Exercise details. Task for the records below: repeat the line containing "Pleural effusion, left: 1" and every line after it, exactly and with nothing else, but leave out the pictures.

[Stored data entries]
──────
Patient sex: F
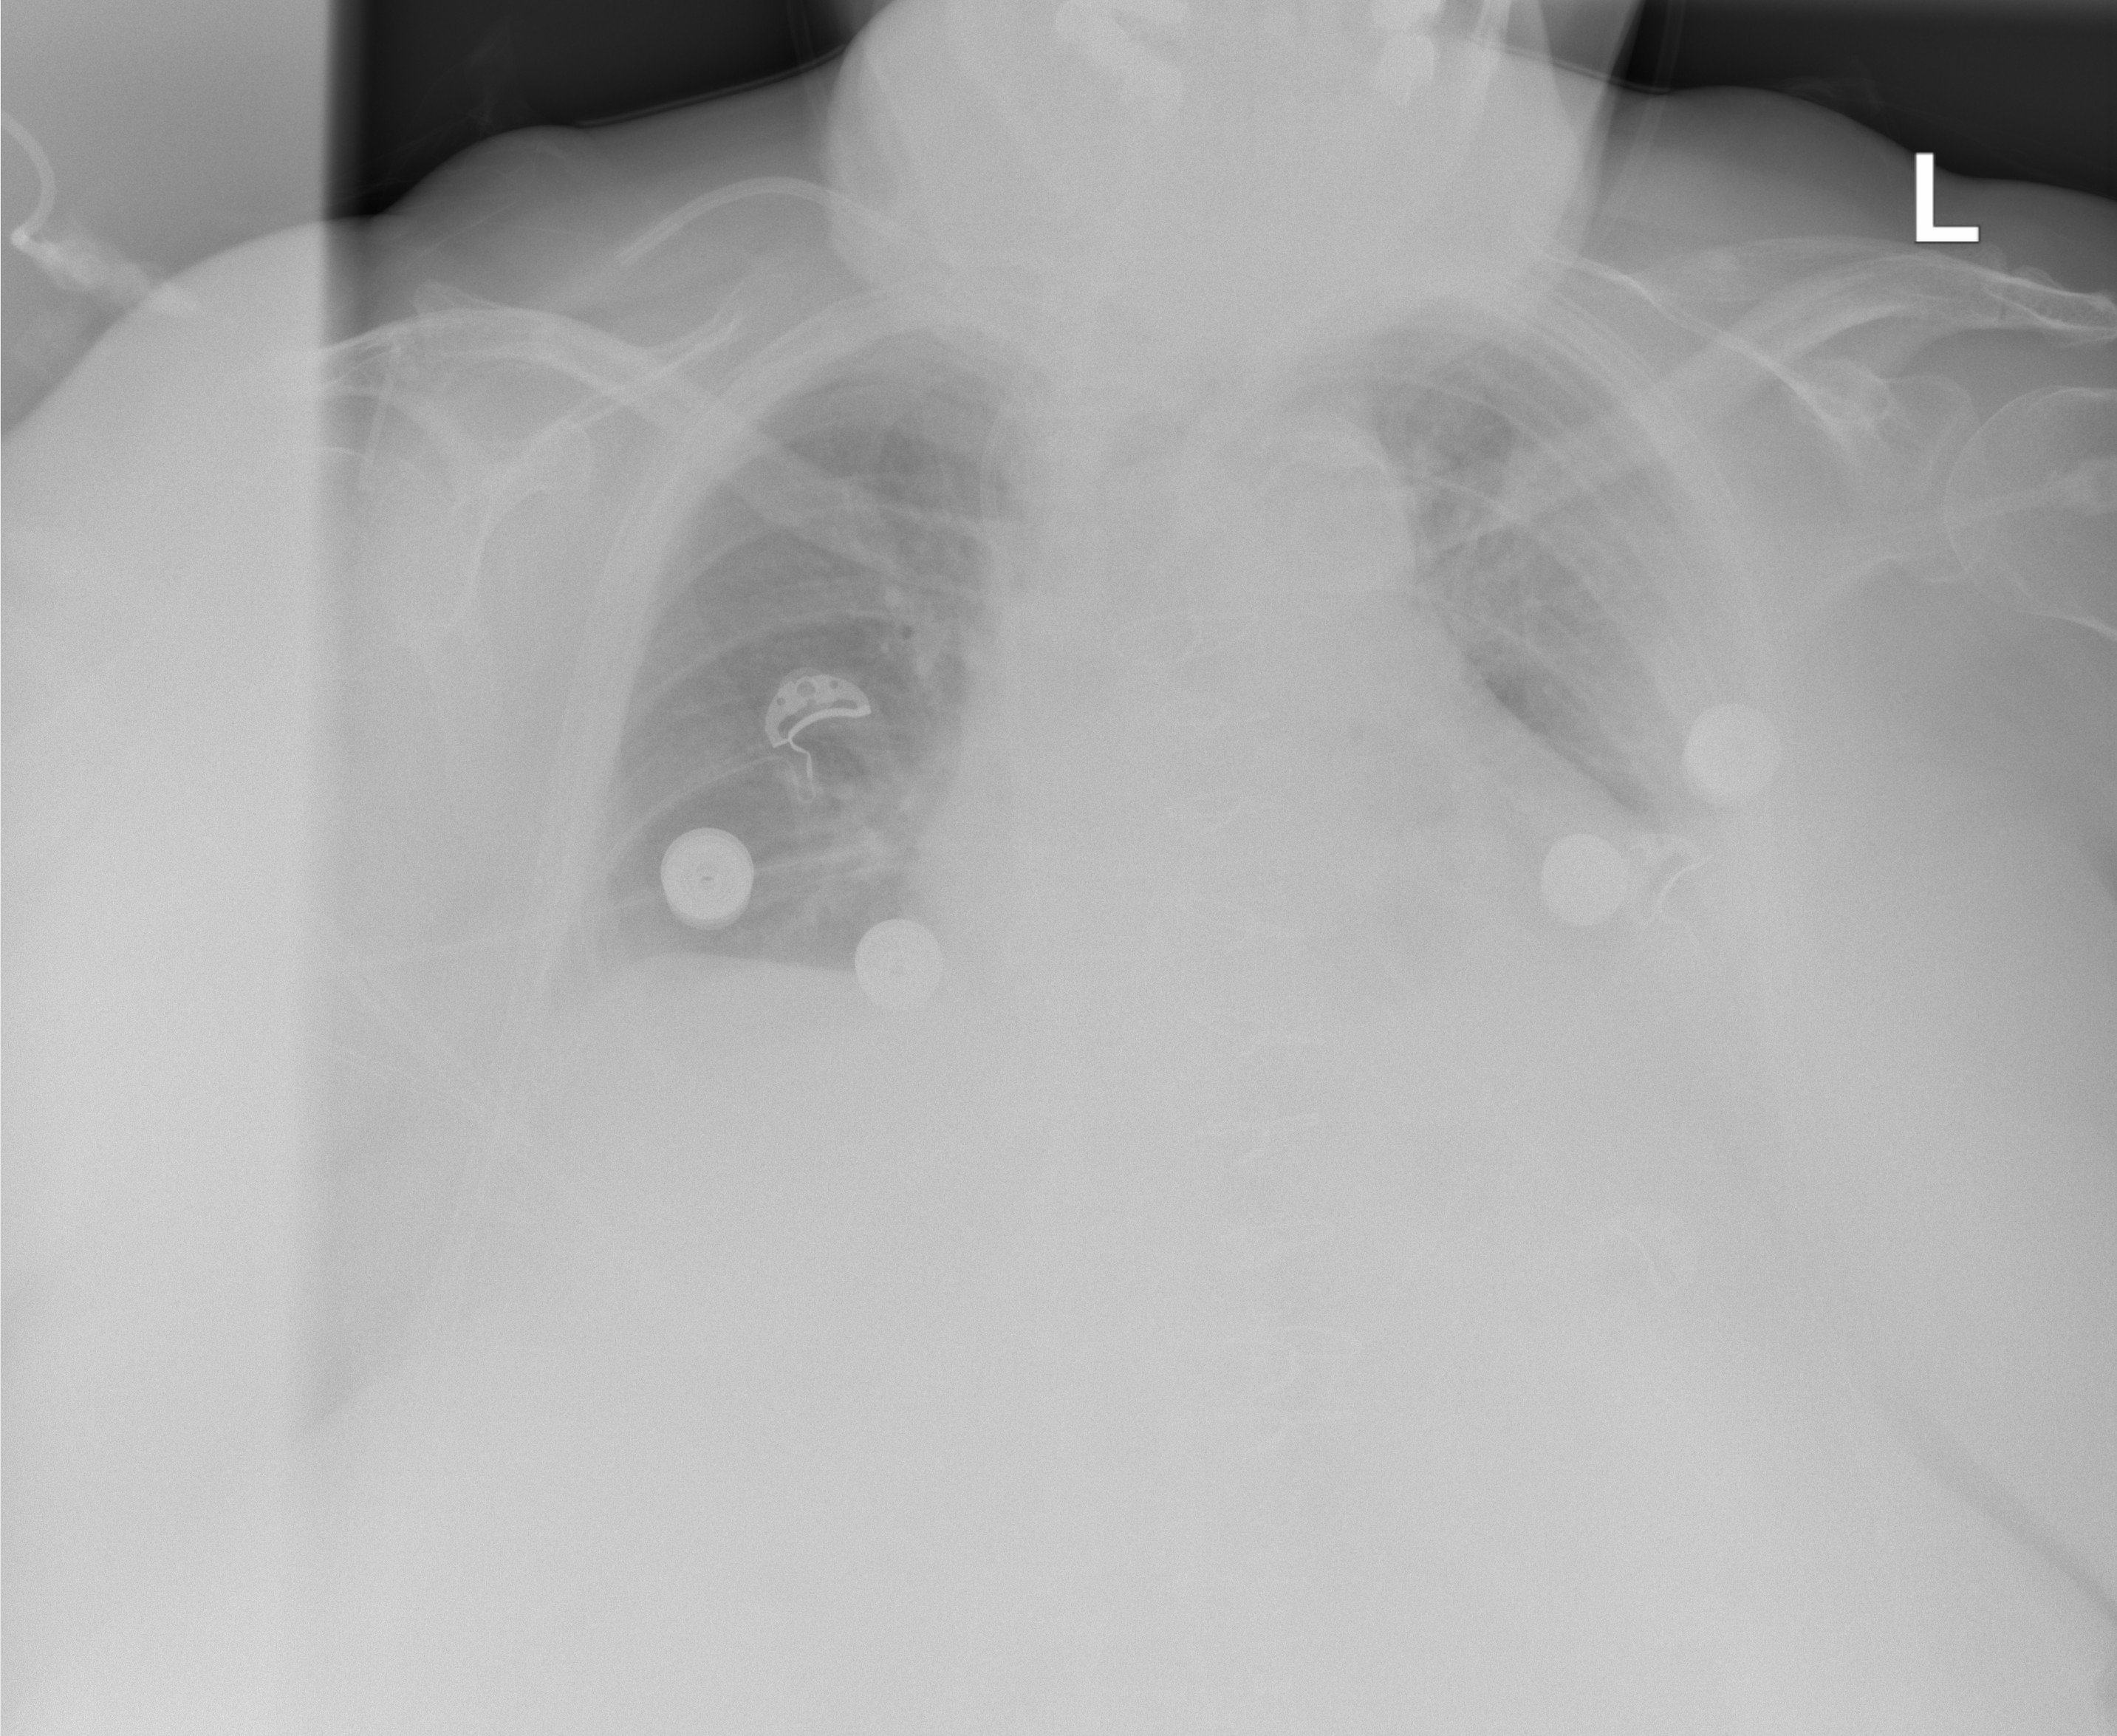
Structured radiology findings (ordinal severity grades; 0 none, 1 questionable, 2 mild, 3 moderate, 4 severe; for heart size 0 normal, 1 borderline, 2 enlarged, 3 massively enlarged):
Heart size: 1
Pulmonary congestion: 0
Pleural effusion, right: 0
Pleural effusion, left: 1
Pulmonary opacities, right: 1
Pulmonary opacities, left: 0
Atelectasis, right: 2
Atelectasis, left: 1
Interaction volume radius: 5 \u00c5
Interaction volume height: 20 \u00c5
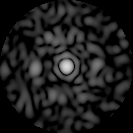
──────
Solution to the exercise.
Pleural effusion, left: 1
Pulmonary opacities, right: 1
Pulmonary opacities, left: 0
Atelectasis, right: 2
Atelectasis, left: 1
Interaction volume radius: 5 \u00c5
Interaction volume height: 20 \u00c5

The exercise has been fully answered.